上記レジュメの「箸での合図」というのは、食堂内ではお祈り以外のおしゃべりが禁じられているので、お代わりなどの用事がある時は箸でお椀を叩いて合図をするらしい。
生飯投げとは、食べ残した飯を閼伽井屋の屋根に投げ鳥への施しをすること。写真がここのサイトに載っている。
師の経験談だが、ひと月精進料理だけを食べていると吹き出物とか肌が荒れていてもきれいになるらしい。しかし、決定的に油と水分が不足するので肌はかさかさになってしまうそうだ。

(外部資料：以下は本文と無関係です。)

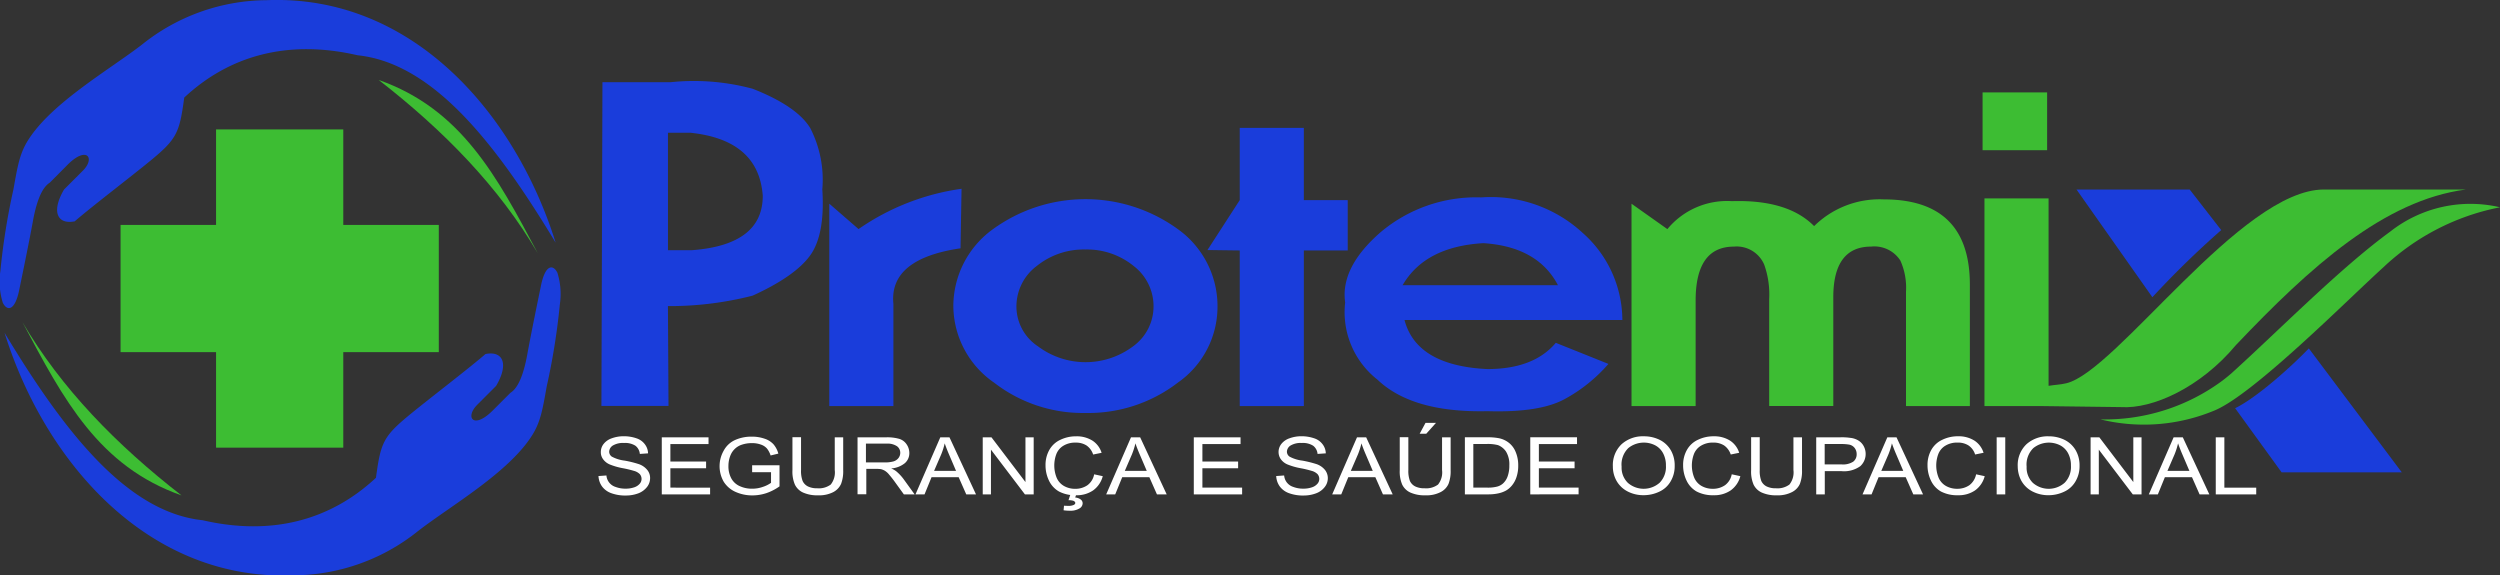 <svg xmlns="http://www.w3.org/2000/svg" width="243.271" height="56" viewBox="0 0 243.271 56"><rect x="0" y="0" width="243.271" height="56" fill="#333333" stroke="none"/><g transform="translate(-210.003 -401.895)"><path d="M273.431,418.027c.2,2.958-.2,5.121-1.172,6.475s-2.847,2.665-5.6,3.921a32.5,32.5,0,0,1-8.247,1.019l.056,9.713H251.94l.1-31.5h6.629a21.993,21.993,0,0,1,8,.642q4.312,1.7,5.6,3.838a11.012,11.012,0,0,1,1.172,5.889Zm-5.791.684c-.265-3.642-2.624-5.68-7.061-6.14h-2.163V424h2.358q6.866-.523,6.866-5.289Z" transform="translate(16.586 2.239)" fill="#1a3ddb"></path><path d="M280.7,415.06l-.1,5.791q-6.971,1.026-6.531,5.415V436.2H267.83v-19.69l2.847,2.47a23.162,23.162,0,0,1,10.02-3.921Z" transform="translate(22.87 5.206)" fill="#1a3ddb"></path><path d="M302.185,426.232a9,9,0,0,1-3.852,7.4,14.3,14.3,0,0,1-9,2.958,14.1,14.1,0,0,1-8.875-2.944,9.125,9.125,0,0,1-3.977-7.41,9.246,9.246,0,0,1,3.879-7.55,15.321,15.321,0,0,1,17.946,0,9.209,9.209,0,0,1,3.879,7.55Zm-6.224,0a4.932,4.932,0,0,0-1.94-3.949,7.183,7.183,0,0,0-4.689-1.6,7.274,7.274,0,0,0-4.731,1.6,4.915,4.915,0,0,0-1.982,3.991,4.649,4.649,0,0,0,2.107,3.838,7.71,7.71,0,0,0,9.252-.014,4.782,4.782,0,0,0,1.982-3.865Z" transform="translate(26.291 5.491)" fill="#1a3ddb"></path><path d="M307.848,422.741h-4.27v15.141H297.34V422.741l-3.14-.042,3.14-4.856V410.81h6.238v7.033h4.27Z" transform="translate(33.299 3.526)" fill="#1a3ddb"></path><path d="M329.436,431.864a15.23,15.23,0,0,1-4.214,3.4q-2.449,1.361-7.564,1.2-7.305.167-10.7-3.07a8.339,8.339,0,0,1-3.14-7.508q-.482-3.412,3.433-6.824a14.43,14.43,0,0,1,9.81-3.4,13.168,13.168,0,0,1,9.908,3.489,11.365,11.365,0,0,1,3.824,8.443h-21.2q1.172,4.438,8.052,4.773,4.521,0,6.67-2.554l5.121,2.051Zm-4.912-7.661q-1.968-3.747-7.257-4.089c-3.8.223-6.405,1.591-7.857,4.089Z" transform="translate(37.08 5.442)" fill="#1a3ddb"></path><path d="M356.717,435.909H350.48V424.787a6.472,6.472,0,0,0-.544-3.028,3.007,3.007,0,0,0-2.847-1.368q-3.684,0-3.684,4.94V435.9h-6.238V425.5a8.663,8.663,0,0,0-.488-3.363,2.915,2.915,0,0,0-2.944-1.744q-3.726,0-3.726,5.247v10.271H323.77v-19.69l3.489,2.47a7.534,7.534,0,0,1,6.28-2.721q5.442-.167,8,2.428a9.075,9.075,0,0,1,6.768-2.6q8.394,0,8.387,8.317v11.792Z" transform="translate(44.993 5.499)" fill="#3dbd33"></path><path d="M227.931,411.391c-.461,3.419-.7,4.019-3.321,6.168-2.079,1.7-5.484,4.284-7.34,5.875-1.73.335-2.275-.991-1.033-3.1l1.842-1.842c1.214-1.228.363-2.414-1.479-.586l-1.744,1.758c-.781.488-1.256,1.786-1.591,3.433-.014.1-.042.2-.056.307-.419,2.261-.879,4.479-1.34,6.726-.419,2.037-1.172,2.065-1.591,1.228a6.922,6.922,0,0,1-.237-3.1,65.562,65.562,0,0,1,1.27-7.94c.4-2.219.586-3.461,1.437-4.8,2.289-3.628,7.968-6.88,11.066-9.28a19.571,19.571,0,0,1,12.127-4.326c14.094-.572,24.17,10.927,28.133,23.6-5.708-9.461-11.834-17.458-19.272-18.239-6.824-1.577-12.518.056-16.871,4.117Z" transform="translate(0 0)" fill="#1a3ddb" fill-rule="evenodd"></path><path d="M236.41,407.47c6.322,4.912,11.694,10.4,15.476,16.857-4.005-7.549-7.452-14.025-15.476-16.857Z" transform="translate(10.444 2.205)" fill="#3dbd33" fill-rule="evenodd"></path><path d="M225.07,410.92h12.378v30.966H225.07Z" transform="translate(5.959 3.569)" fill="#3dbd33" fill-rule="evenodd"></path><path d="M249.376,417.58v12.378H218.41V417.58Z" transform="translate(3.325 6.203)" fill="#3dbd33" fill-rule="evenodd"></path><path d="M246.463,441.012c.46-3.419.7-4.019,3.321-6.168,2.079-1.7,5.484-4.284,7.34-5.875,1.73-.335,2.275.991,1.033,3.1l-1.842,1.842c-1.214,1.228-.363,2.414,1.479.586l1.744-1.744c.781-.488,1.256-1.786,1.591-3.433.014-.1.042-.2.056-.307.419-2.261.879-4.479,1.34-6.726.419-2.037,1.172-2.065,1.591-1.228a6.92,6.92,0,0,1,.237,3.1,65.553,65.553,0,0,1-1.27,7.94c-.4,2.219-.586,3.461-1.437,4.8-2.289,3.628-7.968,6.88-11.066,9.28a19.489,19.489,0,0,1-12.127,4.326c-14.094.572-24.17-10.927-28.133-23.6,5.708,9.461,11.834,17.457,19.272,18.239,6.824,1.577,12.518-.07,16.871-4.131Z" transform="translate(0.125 7.374)" fill="#1a3ddb" fill-rule="evenodd"></path><path d="M227.046,441.218c-6.322-4.912-11.694-10.4-15.476-16.858,4.005,7.564,7.438,14.025,15.476,16.858Z" transform="translate(0.62 8.885)" fill="#3dbd33" fill-rule="evenodd"></path><path d="M354.53,408.34v5.624h-6.28V408.34Zm40.734,9.447h-13.8c-8.052,0-20.165,17.681-25.063,18.853-.572.139-1.158.153-1.73.251V418.653h-6.238v20.207h5.54l7.745.1c3.07.2,7.731-1.9,11.178-6.028,7.284-7.675,14.457-14.108,22.37-15.141Z" transform="translate(54.675 2.549)" fill="#3dbd33"></path><path d="M395.348,416.436a22.9,22.9,0,0,0-11.359,5.847c-3.5,3.168-12.824,12.573-16.564,13.983a17.816,17.816,0,0,1-10.955.809,19.216,19.216,0,0,0,11.862-3.768c.293-.223.586-.46.865-.7,4.661-4.214,10.564-10.229,15.462-13.8a12.618,12.618,0,0,1,10.689-2.372Z" transform="translate(57.926 5.631)" fill="#3dbd33" fill-rule="evenodd"></path><path d="M354.8,415.11l7.382,10.48a89.234,89.234,0,0,1,6.7-6.531l-3.07-3.949H354.8Zm15.434,21.281,4.521,6.238H386.45l-9.043-12.057c-1.73,1.8-5.093,4.815-7.173,5.819Z" transform="translate(57.265 5.226)" fill="#1a3ddb" fill-rule="evenodd"></path><path d="M251.73,436.557l.781-.056a1.27,1.27,0,0,0,.893,1.116,2.628,2.628,0,0,0,.963.167,2.517,2.517,0,0,0,.837-.126,1.188,1.188,0,0,0,.544-.349.7.7,0,0,0,.181-.474.721.721,0,0,0-.167-.461,1.285,1.285,0,0,0-.572-.321,10.417,10.417,0,0,0-1.116-.265,6.481,6.481,0,0,1-1.214-.349,1.533,1.533,0,0,1-.67-.516,1.126,1.126,0,0,1-.223-.7,1.26,1.26,0,0,1,.265-.781,1.708,1.708,0,0,1,.8-.558,3.358,3.358,0,0,1,1.158-.2,3.74,3.74,0,0,1,1.242.2,1.653,1.653,0,0,1,.823.586,1.492,1.492,0,0,1,.307.879l-.8.056a1.131,1.131,0,0,0-.433-.8,1.865,1.865,0,0,0-1.1-.265,1.92,1.92,0,0,0-1.1.251.742.742,0,0,0-.349.586.59.59,0,0,0,.251.488,3.5,3.5,0,0,0,1.256.391,10.2,10.2,0,0,1,1.4.349,1.828,1.828,0,0,1,.809.572,1.217,1.217,0,0,1,.265.8,1.39,1.39,0,0,1-.293.837,1.97,1.97,0,0,1-.823.614,3.359,3.359,0,0,1-1.214.223,3.937,3.937,0,0,1-1.437-.223,1.918,1.918,0,0,1-.907-.656,1.865,1.865,0,0,1-.349-1.019Zm6.168,1.786v-5.554h4.549v.656h-3.712v1.7h3.475v.656h-3.475v1.884H262.6v.656Zm8.792-2.177v-.656h2.665v2.051a5,5,0,0,1-1.27.656,4.351,4.351,0,0,1-1.34.223,3.933,3.933,0,0,1-1.688-.349,2.6,2.6,0,0,1-1.144-1,3.048,3.048,0,0,1,0-2.986,2.357,2.357,0,0,1,1.1-1.047,3.877,3.877,0,0,1,1.661-.335,3.717,3.717,0,0,1,1.228.2,2,2,0,0,1,.865.544,2.331,2.331,0,0,1,.474.907l-.754.181a2.149,2.149,0,0,0-.349-.67,1.364,1.364,0,0,0-.6-.391,2.449,2.449,0,0,0-.865-.14,3.015,3.015,0,0,0-.991.154,1.755,1.755,0,0,0-.67.4,1.789,1.789,0,0,0-.391.544,2.716,2.716,0,0,0-.237,1.117,2.441,2.441,0,0,0,.293,1.242,1.732,1.732,0,0,0,.837.74,2.8,2.8,0,0,0,1.172.237,3.084,3.084,0,0,0,1.061-.181,2.888,2.888,0,0,0,.782-.391v-1.033H266.69Zm8.024-3.377h.837V436a3.419,3.419,0,0,1-.209,1.326,1.686,1.686,0,0,1-.768.8,3.006,3.006,0,0,1-1.465.307,3.374,3.374,0,0,1-1.451-.265,1.636,1.636,0,0,1-.809-.782,3.22,3.22,0,0,1-.237-1.4v-3.21h.837v3.2a2.784,2.784,0,0,0,.154,1.061,1.117,1.117,0,0,0,.516.53,1.985,1.985,0,0,0,.907.181,1.939,1.939,0,0,0,1.312-.363,1.891,1.891,0,0,0,.391-1.409v-3.182Zm2.233,5.554v-5.554h2.791a4.267,4.267,0,0,1,1.284.154,1.328,1.328,0,0,1,.7.53,1.49,1.49,0,0,1,.265.837,1.282,1.282,0,0,1-.433.991,2.373,2.373,0,0,1-1.34.516,2,2,0,0,1,.5.279,4.467,4.467,0,0,1,.7.74l1.089,1.507h-1.047l-.837-1.158c-.237-.335-.447-.586-.6-.768a1.63,1.63,0,0,0-.419-.377,1.431,1.431,0,0,0-.377-.153,3.318,3.318,0,0,0-.46-.028H277.8v2.47h-.851Zm.823-3.112h1.786a3.038,3.038,0,0,0,.893-.1.963.963,0,0,0,.488-.335.836.836,0,0,0,.167-.5.787.787,0,0,0-.321-.642,1.656,1.656,0,0,0-1.019-.251h-2v1.828Zm4.814,3.112L285,432.789h.893l2.582,5.554h-.949l-.74-1.675h-2.637l-.684,1.675Zm1.814-2.288h2.135l-.656-1.535c-.2-.461-.349-.851-.447-1.144a7.193,7.193,0,0,1-.335,1.061l-.7,1.619Zm4.731,2.288v-5.554h.851l3.307,4.354v-4.354h.8v5.554h-.851l-3.307-4.354v4.354Zm10.843-1.954.837.181a2.463,2.463,0,0,1-.935,1.382,2.808,2.808,0,0,1-1.661.474,3.4,3.4,0,0,1-1.661-.363,2.4,2.4,0,0,1-.977-1.06,3.392,3.392,0,0,1-.335-1.493,2.946,2.946,0,0,1,.377-1.507,2.361,2.361,0,0,1,1.075-.977,3.469,3.469,0,0,1,1.521-.335,2.875,2.875,0,0,1,1.591.419,2.188,2.188,0,0,1,.893,1.186l-.823.167a1.729,1.729,0,0,0-.642-.879,1.884,1.884,0,0,0-1.047-.279,2.179,2.179,0,0,0-1.214.307,1.639,1.639,0,0,0-.684.823,3.178,3.178,0,0,0,.042,2.3,1.678,1.678,0,0,0,.726.8,2.19,2.19,0,0,0,1.075.265,2.053,2.053,0,0,0,1.186-.349,1.7,1.7,0,0,0,.656-1.061Zm-2.5,2.526.223-.67h.572l-.14.4a1.036,1.036,0,0,1,.544.2.461.461,0,0,1,.181.363.592.592,0,0,1-.307.5,1.676,1.676,0,0,1-.935.223,3.969,3.969,0,0,1-.614-.042l.042-.446c.181.014.321.014.4.014a1.168,1.168,0,0,0,.572-.1c.084-.056.125-.112.125-.181a.17.17,0,0,0-.056-.126.364.364,0,0,0-.181-.1,1.518,1.518,0,0,0-.433-.042Zm3.67-.572,2.414-5.554h.893l2.582,5.554h-.949l-.74-1.675h-2.638l-.684,1.675Zm1.814-2.288h2.135l-.656-1.535c-.2-.461-.349-.851-.447-1.144a7.189,7.189,0,0,1-.335,1.061l-.7,1.619Zm6.712,2.288v-5.554h4.549v.656h-3.712v1.7h3.475v.656h-3.475v1.884h3.865v.656Zm8.01-1.786.782-.056a1.27,1.27,0,0,0,.893,1.116,2.629,2.629,0,0,0,.963.167,2.518,2.518,0,0,0,.837-.126,1.189,1.189,0,0,0,.544-.349.7.7,0,0,0,.181-.474.72.72,0,0,0-.167-.461,1.284,1.284,0,0,0-.572-.321,10.42,10.42,0,0,0-1.116-.265,6.478,6.478,0,0,1-1.214-.349,1.533,1.533,0,0,1-.67-.516,1.22,1.22,0,0,1-.223-.7,1.259,1.259,0,0,1,.265-.781,1.708,1.708,0,0,1,.8-.558,3.358,3.358,0,0,1,1.158-.2,3.8,3.8,0,0,1,1.242.2,1.652,1.652,0,0,1,.823.586,1.491,1.491,0,0,1,.307.879l-.8.056a1.131,1.131,0,0,0-.433-.8,1.864,1.864,0,0,0-1.1-.265,1.92,1.92,0,0,0-1.1.251.741.741,0,0,0-.349.586.59.59,0,0,0,.251.488,3.5,3.5,0,0,0,1.256.391,10.8,10.8,0,0,1,1.4.349,1.829,1.829,0,0,1,.809.572,1.3,1.3,0,0,1,.265.8,1.389,1.389,0,0,1-.293.837,1.885,1.885,0,0,1-.823.614,3.359,3.359,0,0,1-1.214.223,3.938,3.938,0,0,1-1.437-.223,1.918,1.918,0,0,1-.907-.656,1.866,1.866,0,0,1-.349-1.019Zm5.456,1.786,2.414-5.554h.893l2.582,5.554h-.949l-.74-1.675H324.7l-.684,1.675Zm1.814-2.288h2.135l-.656-1.535c-.2-.461-.349-.851-.446-1.144a7.2,7.2,0,0,1-.335,1.061l-.7,1.619Zm8.875-3.266h.837V436a3.421,3.421,0,0,1-.209,1.326,1.656,1.656,0,0,1-.781.8,3.006,3.006,0,0,1-1.465.307,3.375,3.375,0,0,1-1.451-.265,1.636,1.636,0,0,1-.809-.782,3.22,3.22,0,0,1-.237-1.4v-3.21h.837v3.2a2.786,2.786,0,0,0,.154,1.061,1.117,1.117,0,0,0,.516.53,1.986,1.986,0,0,0,.907.181,1.939,1.939,0,0,0,1.312-.363,1.892,1.892,0,0,0,.391-1.409v-3.182Zm-2.177-.349.572-1.061h1.019l-.949,1.061Zm4.4,5.9v-5.554h2.163a5.564,5.564,0,0,1,1.116.084,2.3,2.3,0,0,1,.921.391,2.15,2.15,0,0,1,.74.949,3.3,3.3,0,0,1,.251,1.326,3.414,3.414,0,0,1-.167,1.116,2.473,2.473,0,0,1-.433.809,2.151,2.151,0,0,1-.572.5,2.652,2.652,0,0,1-.754.279,4.378,4.378,0,0,1-1,.1h-2.261Zm.823-.656h1.34a3.621,3.621,0,0,0,.977-.1,1.406,1.406,0,0,0,.558-.293,1.7,1.7,0,0,0,.46-.7,3.048,3.048,0,0,0,.167-1.074,2.371,2.371,0,0,0-.321-1.34,1.672,1.672,0,0,0-.781-.628,3.914,3.914,0,0,0-1.075-.112h-1.326v4.242Zm5.54.656v-5.554h4.549v.656h-3.712v1.7h3.475v.656h-3.475v1.884h3.865v.656Zm8.038-2.707a2.807,2.807,0,0,1,.837-2.163,3.083,3.083,0,0,1,2.177-.781,3.451,3.451,0,0,1,1.577.363,2.578,2.578,0,0,1,1.061,1.019,2.924,2.924,0,0,1,.363,1.493,2.891,2.891,0,0,1-.391,1.507,2.448,2.448,0,0,1-1.089,1,3.539,3.539,0,0,1-1.535.349,3.307,3.307,0,0,1-1.591-.377,2.609,2.609,0,0,1-1.061-1.033,2.823,2.823,0,0,1-.349-1.381Zm.851.014a2.06,2.06,0,0,0,.614,1.577,2.343,2.343,0,0,0,3.084-.014,2.19,2.19,0,0,0,.614-1.661,2.479,2.479,0,0,0-.265-1.186,1.851,1.851,0,0,0-.754-.781,2.415,2.415,0,0,0-2.638.251,2.236,2.236,0,0,0-.656,1.814Zm10.717.74.837.181a2.463,2.463,0,0,1-.935,1.382,2.808,2.808,0,0,1-1.661.474,3.4,3.4,0,0,1-1.661-.363,2.4,2.4,0,0,1-.977-1.06,3.392,3.392,0,0,1-.335-1.493,2.947,2.947,0,0,1,.377-1.507,2.361,2.361,0,0,1,1.074-.977,3.47,3.47,0,0,1,1.521-.335,2.874,2.874,0,0,1,1.591.419,2.188,2.188,0,0,1,.893,1.186l-.823.167a1.731,1.731,0,0,0-.642-.879,1.884,1.884,0,0,0-1.047-.279,2.178,2.178,0,0,0-1.214.307,1.639,1.639,0,0,0-.684.823,3.177,3.177,0,0,0,.042,2.3,1.677,1.677,0,0,0,.726.8,2.189,2.189,0,0,0,1.074.265,2.053,2.053,0,0,0,1.186-.349,1.7,1.7,0,0,0,.656-1.061Zm6-3.6h.837V436a3.419,3.419,0,0,1-.209,1.326,1.656,1.656,0,0,1-.781.8,3.006,3.006,0,0,1-1.465.307,3.374,3.374,0,0,1-1.451-.265,1.637,1.637,0,0,1-.809-.782,3.219,3.219,0,0,1-.237-1.4v-3.21h.837v3.2a2.784,2.784,0,0,0,.154,1.061,1.117,1.117,0,0,0,.516.53,1.985,1.985,0,0,0,.907.181,1.939,1.939,0,0,0,1.312-.363,1.891,1.891,0,0,0,.391-1.409v-3.182Zm2.219,5.554v-5.554h2.372a5.723,5.723,0,0,1,.963.056,1.85,1.85,0,0,1,.781.265,1.413,1.413,0,0,1,.5.53,1.615,1.615,0,0,1-.321,1.954,2.7,2.7,0,0,1-1.842.488h-1.619v2.261Zm.823-2.917h1.633a1.84,1.84,0,0,0,1.144-.265.89.89,0,0,0,.335-.74.966.966,0,0,0-.2-.6.877.877,0,0,0-.53-.321,4.346,4.346,0,0,0-.781-.056h-1.6v1.982Zm3.684,2.917,2.414-5.554h.893l2.582,5.554h-.949l-.74-1.675h-2.637l-.684,1.675Zm1.828-2.288h2.135l-.656-1.535c-.2-.461-.349-.851-.447-1.144a7.186,7.186,0,0,1-.335,1.061l-.7,1.619Zm9.224.335.837.181a2.463,2.463,0,0,1-.935,1.382,2.808,2.808,0,0,1-1.661.474,3.4,3.4,0,0,1-1.661-.363A2.4,2.4,0,0,1,381.4,437a3.392,3.392,0,0,1-.335-1.493A2.947,2.947,0,0,1,381.44,434a2.361,2.361,0,0,1,1.074-.977,3.426,3.426,0,0,1,1.521-.335,2.874,2.874,0,0,1,1.591.419,2.188,2.188,0,0,1,.893,1.186l-.823.167a1.655,1.655,0,0,0-.642-.879,1.885,1.885,0,0,0-1.047-.279,2.179,2.179,0,0,0-1.214.307,1.638,1.638,0,0,0-.684.823,3.176,3.176,0,0,0,.042,2.3,1.678,1.678,0,0,0,.726.8,2.19,2.19,0,0,0,1.075.265,2.053,2.053,0,0,0,1.186-.349,1.763,1.763,0,0,0,.656-1.061Zm2,1.954v-5.554h.837v5.554Zm2.051-2.707a2.807,2.807,0,0,1,.837-2.163,3.084,3.084,0,0,1,2.177-.781,3.451,3.451,0,0,1,1.577.363,2.578,2.578,0,0,1,1.061,1.019,2.924,2.924,0,0,1,.363,1.493,2.89,2.89,0,0,1-.391,1.507,2.449,2.449,0,0,1-1.089,1,3.54,3.54,0,0,1-1.535.349,3.347,3.347,0,0,1-1.591-.377,2.608,2.608,0,0,1-1.061-1.033,2.984,2.984,0,0,1-.349-1.381Zm.865.014a2.059,2.059,0,0,0,.614,1.577,2.342,2.342,0,0,0,3.084-.014,2.19,2.19,0,0,0,.614-1.661,2.478,2.478,0,0,0-.265-1.186,1.852,1.852,0,0,0-.754-.781,2.415,2.415,0,0,0-2.637.251,2.236,2.236,0,0,0-.656,1.814Zm6.224,2.693v-5.554h.851l3.307,4.354v-4.354h.8v5.554h-.851l-3.307-4.354v4.354Zm5.666,0,2.414-5.554h.893l2.582,5.554h-.949l-.74-1.675h-2.637l-.684,1.675Zm1.814-2.288h2.135l-.656-1.535c-.2-.461-.349-.851-.447-1.144a7.182,7.182,0,0,1-.335,1.061l-.7,1.619Zm4.7,2.288v-5.554h.837v4.9h3.1v.656Z" transform="translate(16.502 11.661)" fill="#fff"></path></g></svg>

2 五観の偈(ごかんのげ) 〜唐・南山大師道宣『四分律行事鈔』
一には 功の多少を計り、彼の来処を量るべし。
二には 己が徳行の全と欠と多と滅とを忖(はか)るべし。
三には 心を防ぎ過(とが)を顕すは三毒に過ぎず。
四には 正(まさ)しく良薬を事として、形苦(ぎょうく)を済(すく)わんことを取る。
五には 道業(どうごう)を成(じょう)ぜんが為なり、世報は意に非ず。
3 本居宣長 『玉鉾百首』
食前 「五穀(たなつも)の 百々(もも)の木草(きぐさ)も 天照す 日の大神の 恵み得てこそ」
食後 「朝宵(あさよひ)に 物食ふ毎に 豊受(とようけ)の 神の恵みを 思へ世の人」
4 「喜びと感謝と敬いの心をもって いただきます」 〜薬師寺・高田好胤師
「ごちそうさまでした」「よろしゅう おあがり」 |
3、4は食事の前後の言葉。3は少し難しいので、師のお話の後、4の高田好胤師の言葉を唱えてお弁当タイムとなった。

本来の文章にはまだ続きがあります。